Sunday, May 29, 2005

 

amsterdam was great, by the way.

i watched some of the drama desk awards on public television today while recovering from jetlag. one of my least favorite things about myself is that i cannot watch an awards ceremony that involves acting laurels without rehearsing my speech. i know that lots of people do this, but i would really like to be one of the ones who doesn't. at least, i would like not to move myself to tears when i go into the bathroom to watch myself rehearse it in the mirror. i mean, that is so fake.
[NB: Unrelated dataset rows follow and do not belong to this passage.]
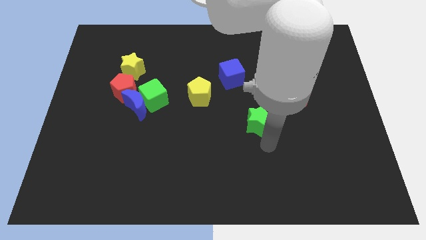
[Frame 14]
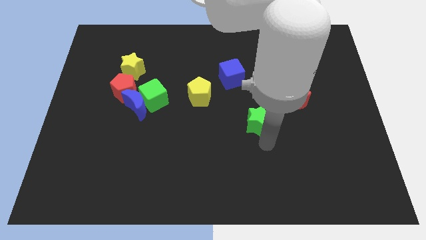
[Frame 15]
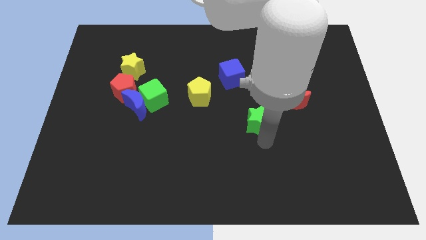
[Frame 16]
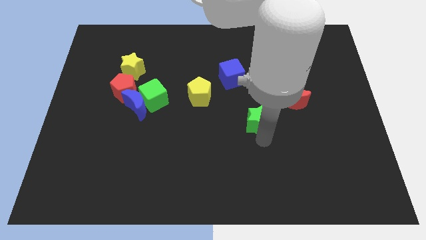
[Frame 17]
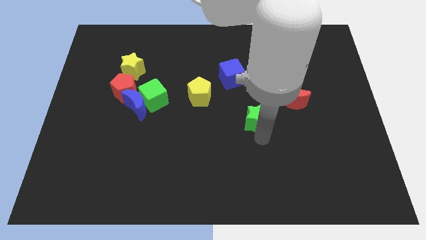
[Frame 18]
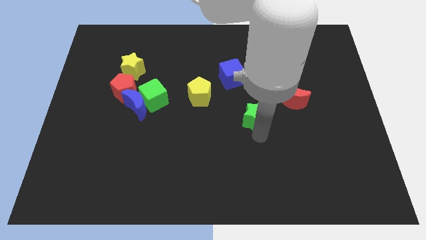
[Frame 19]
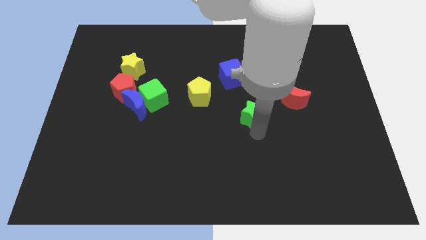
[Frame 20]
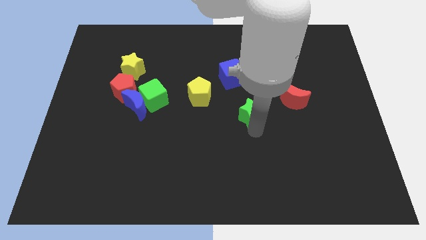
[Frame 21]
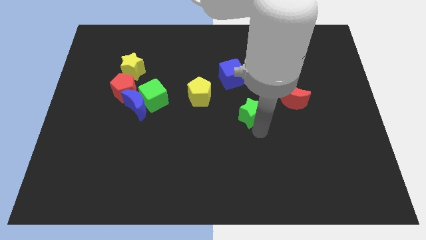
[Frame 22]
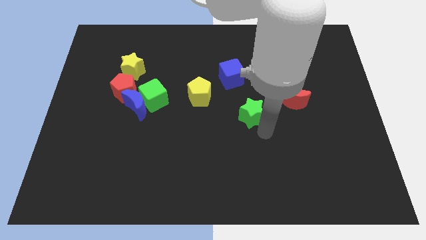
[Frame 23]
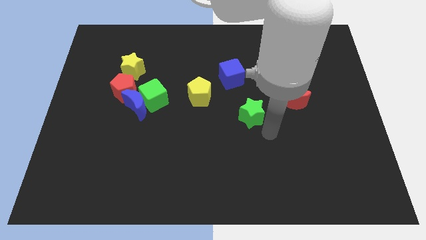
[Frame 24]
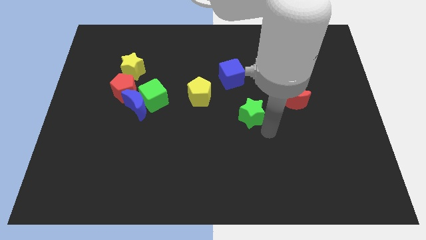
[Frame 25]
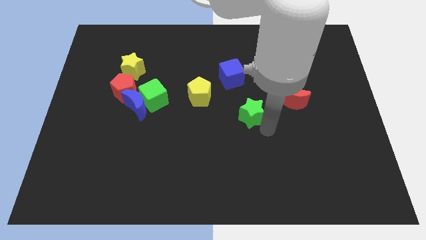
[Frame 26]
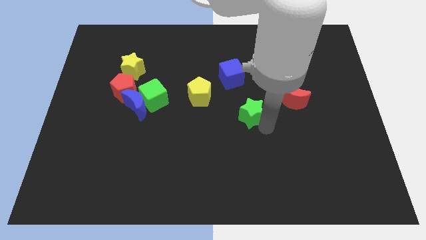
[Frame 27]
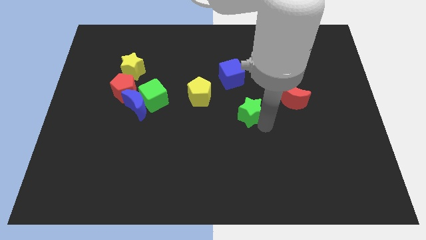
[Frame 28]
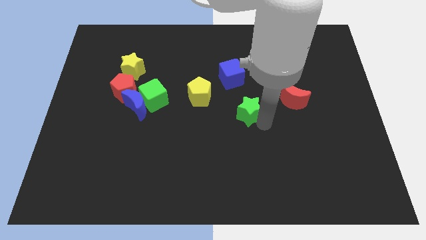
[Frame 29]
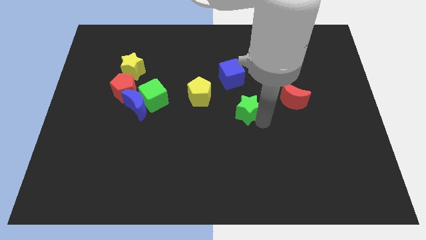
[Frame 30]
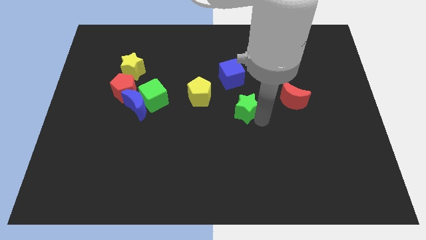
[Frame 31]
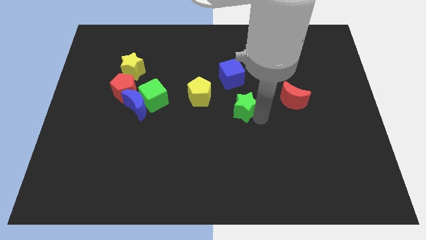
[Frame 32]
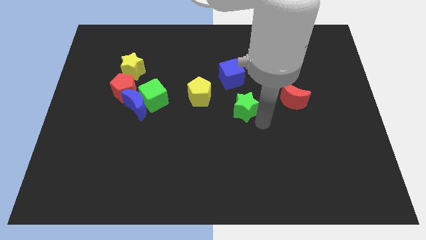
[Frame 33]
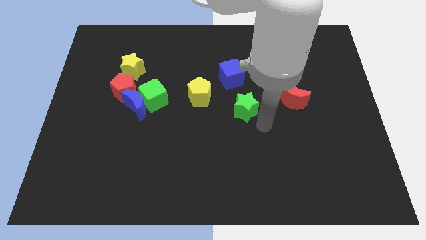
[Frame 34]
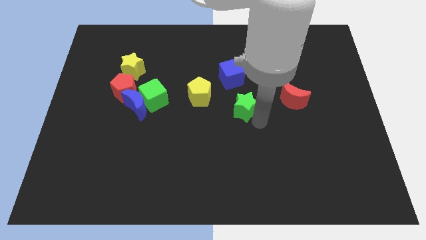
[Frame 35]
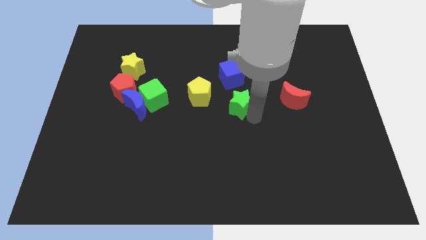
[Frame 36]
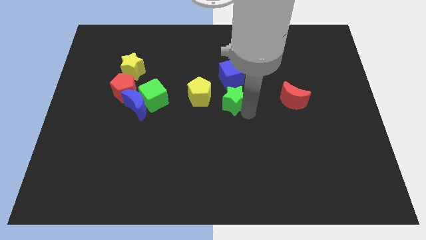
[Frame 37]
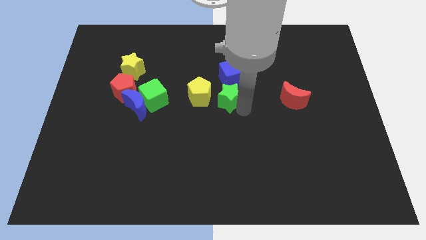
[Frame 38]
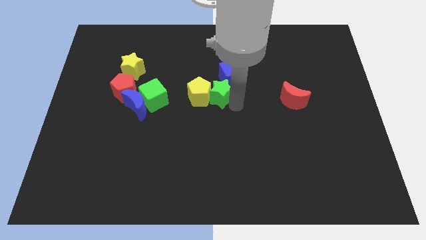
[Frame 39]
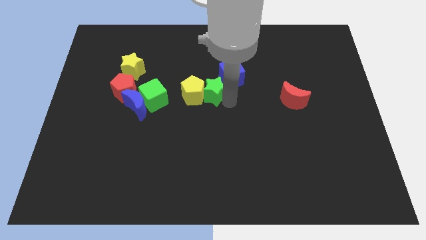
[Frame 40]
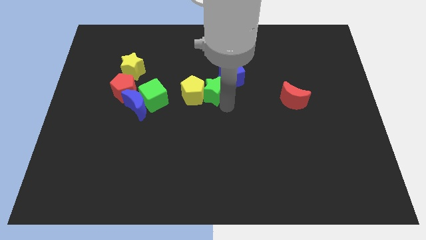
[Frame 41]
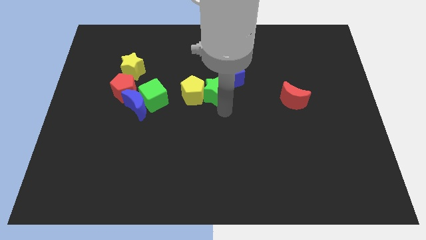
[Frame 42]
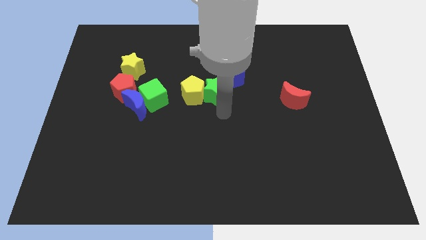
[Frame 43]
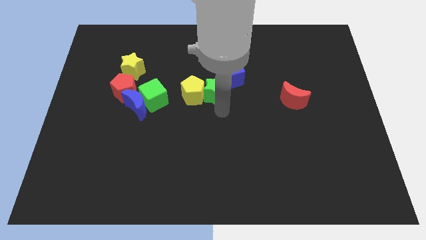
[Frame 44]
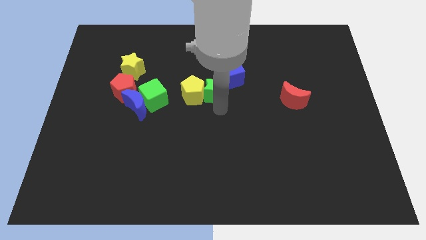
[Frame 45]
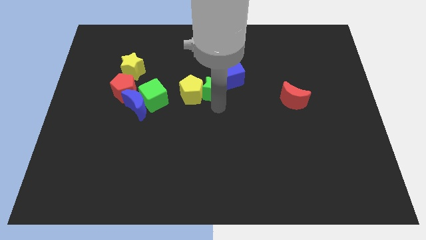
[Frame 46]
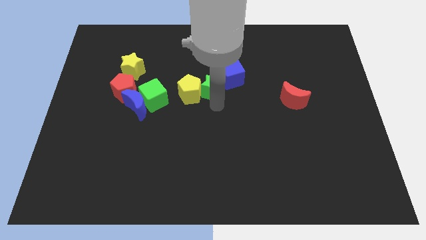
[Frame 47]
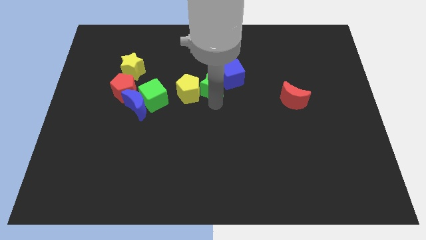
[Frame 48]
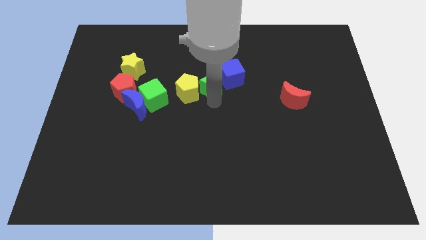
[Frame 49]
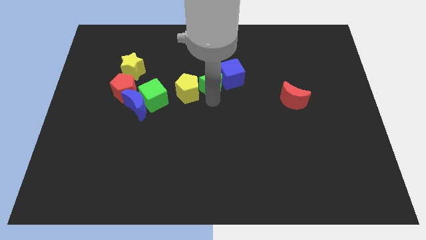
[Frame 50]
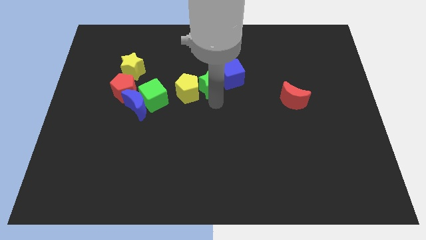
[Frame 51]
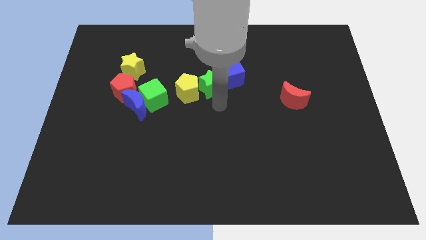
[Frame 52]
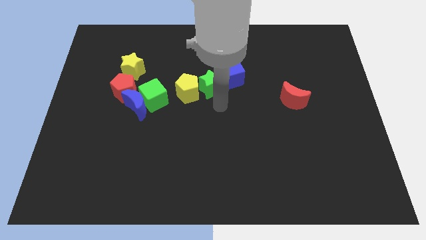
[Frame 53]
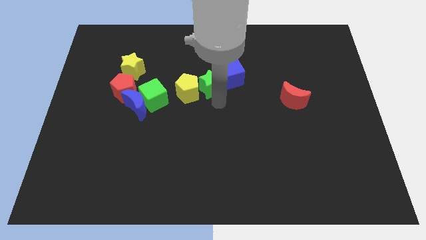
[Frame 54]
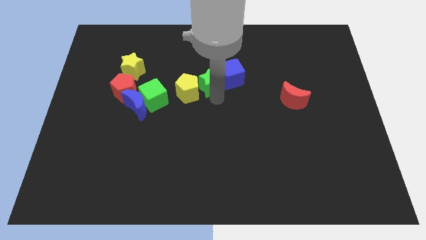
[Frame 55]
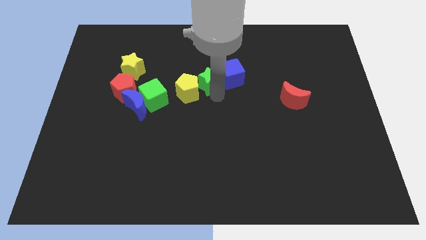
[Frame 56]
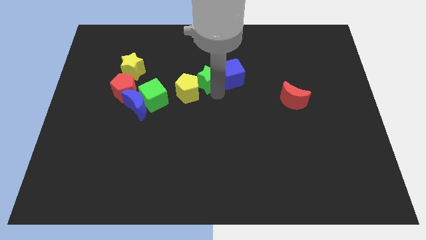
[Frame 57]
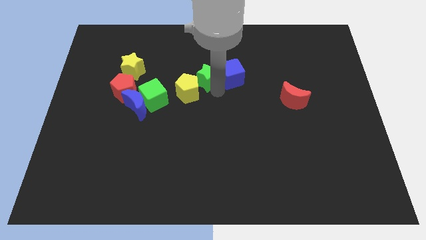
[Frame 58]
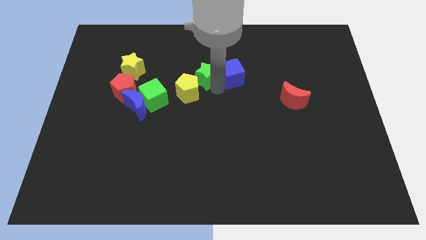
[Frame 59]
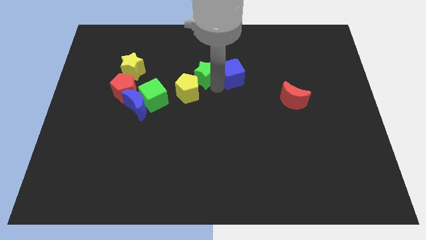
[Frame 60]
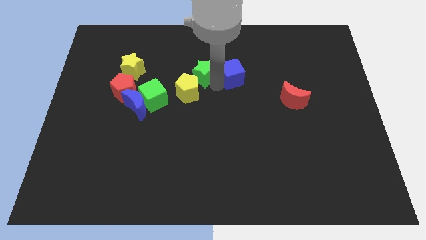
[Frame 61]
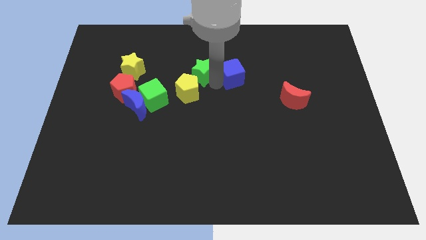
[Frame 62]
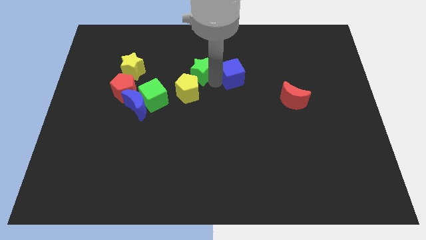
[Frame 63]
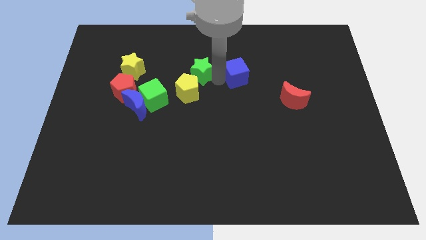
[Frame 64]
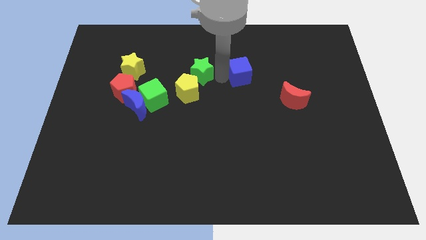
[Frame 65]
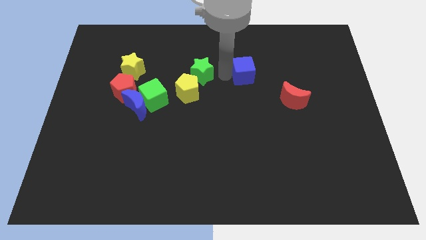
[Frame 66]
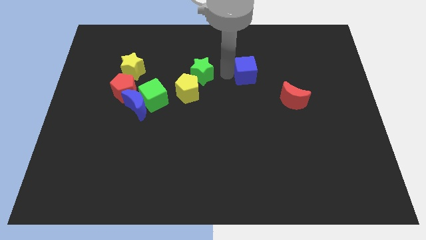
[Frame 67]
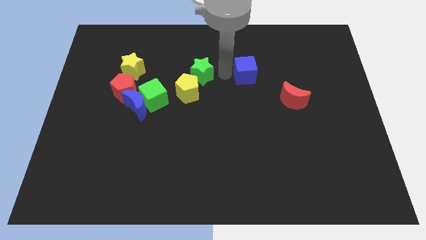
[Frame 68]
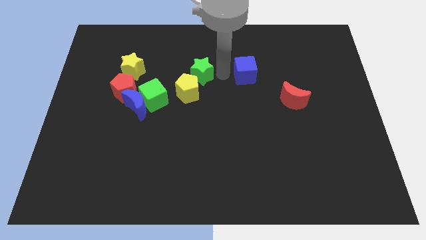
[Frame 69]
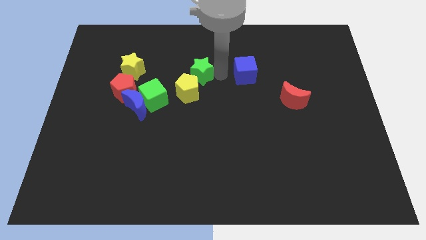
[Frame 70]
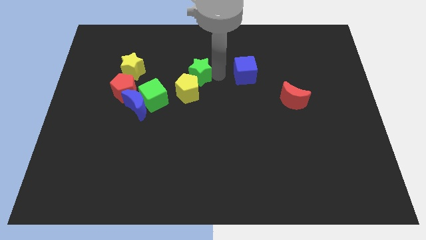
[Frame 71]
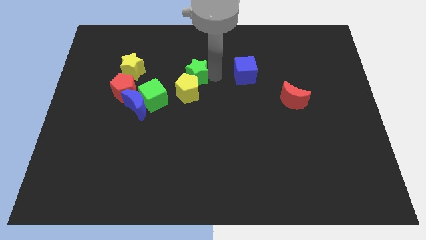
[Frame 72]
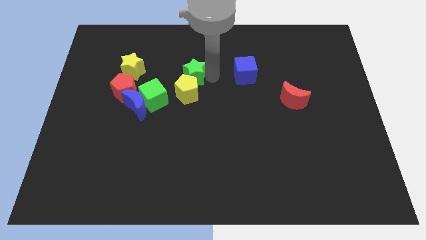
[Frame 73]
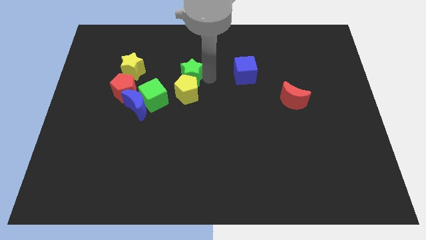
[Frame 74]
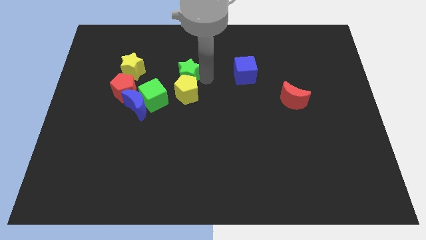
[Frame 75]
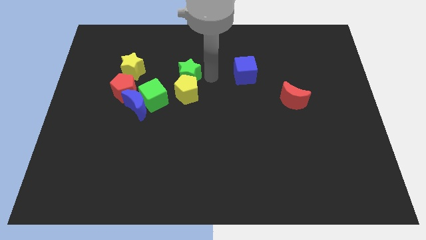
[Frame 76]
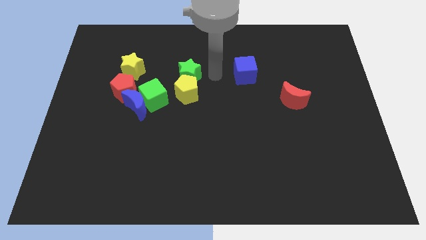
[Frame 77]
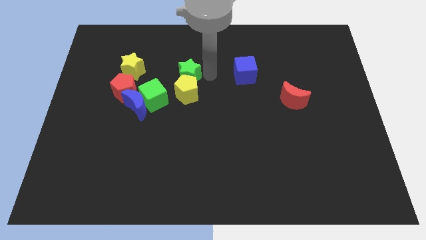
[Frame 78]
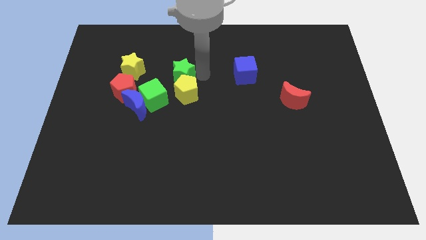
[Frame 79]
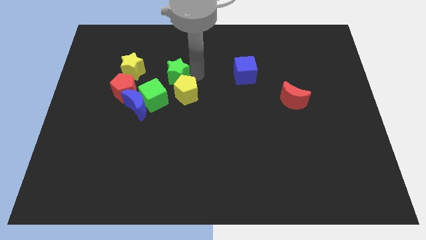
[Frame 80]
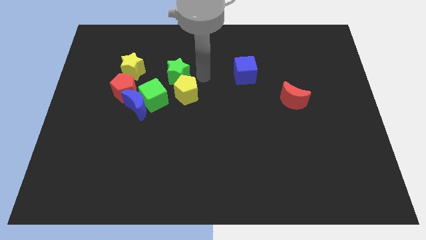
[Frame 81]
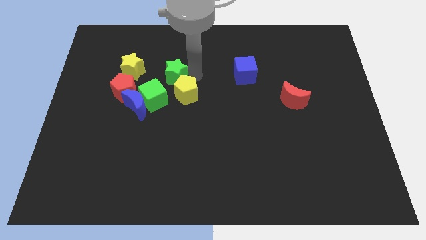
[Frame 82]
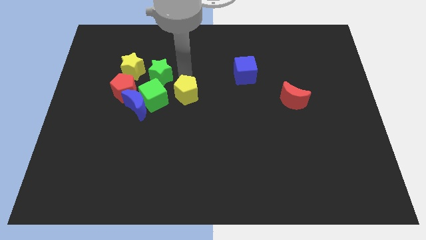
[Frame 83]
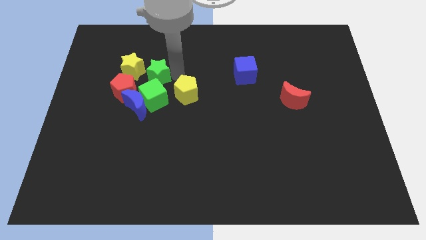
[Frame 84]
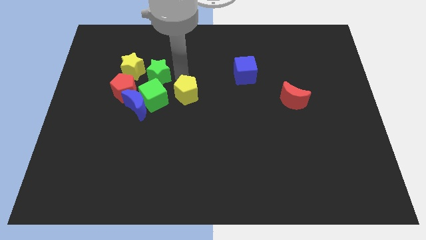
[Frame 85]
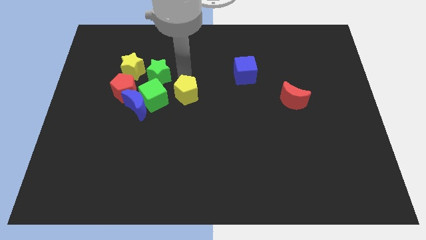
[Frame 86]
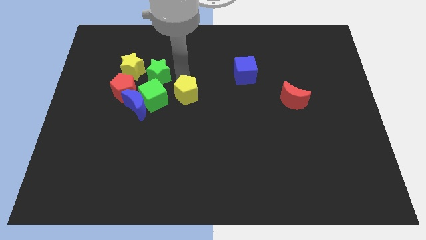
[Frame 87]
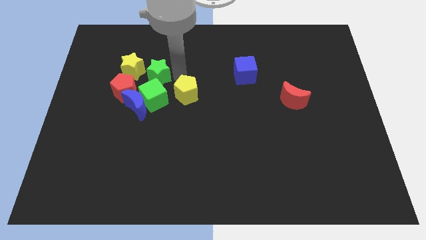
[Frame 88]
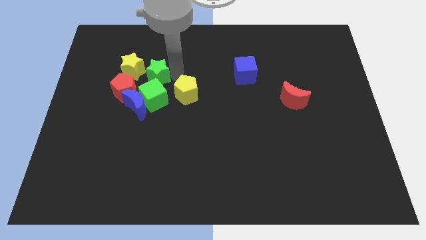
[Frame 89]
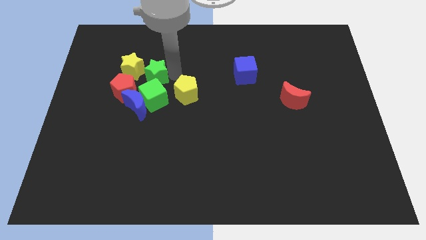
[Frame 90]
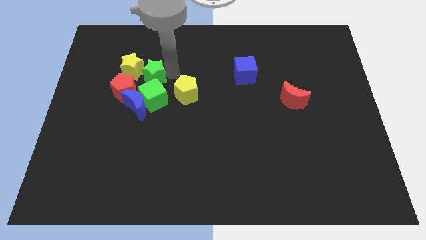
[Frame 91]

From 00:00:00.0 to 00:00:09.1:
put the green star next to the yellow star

for a few years, when i was in my early twenties, i couldn't watch the oscars. i got this terrible feeling under my sternum, like i was going to pound starlets in the eyeballs with scissors. it receded, but i wonder if it isn't a telling example of what it'll be like if i'm off the market in a PhD program. it's when i'm not getting to do the acting that watching the commendations gets me feeling all macbeth.

i still think the grad school try is a good idea. but i'm starting to be frightened of what it'll be like to realize i am not ever, ever going to be a company member at ashland or a guest victim on law and order. when i thought about what i wanted to say in my so fake thank you speech, i wanted to say: there was this time i thought that it wasn't going to work out, and it made me really sad.

it does make me really sad. being a professor or a dramaturg or a literary manager somewhere nice and maybe getting to have a baby would make it better, but i wonder if it would ever not make me sad. i hope it wouldn't make me the kind of sad that leads to bitter old age and a drinking problem. i don't think so, but you never know. i also tell myself that going back to school doesn't necessarily represent the End of the Affair; that i can still audition for some stuff and when we move, eventually, as i am sure we will, to a more liveable city, i'll be the kind of well-employed lady who can also be in plays.

i was telling the one who's least afraid, one time, that i know i need to get over myself and my ideas about failure, but the best way of getting over it would be to become successful. i still think that's true. so as much as i'm looking forward to the familiar bosom of academia . . .

come on, world. i'm working hard, and you have one year to discover me at the drug store soda fountain. one year, motherfuckers.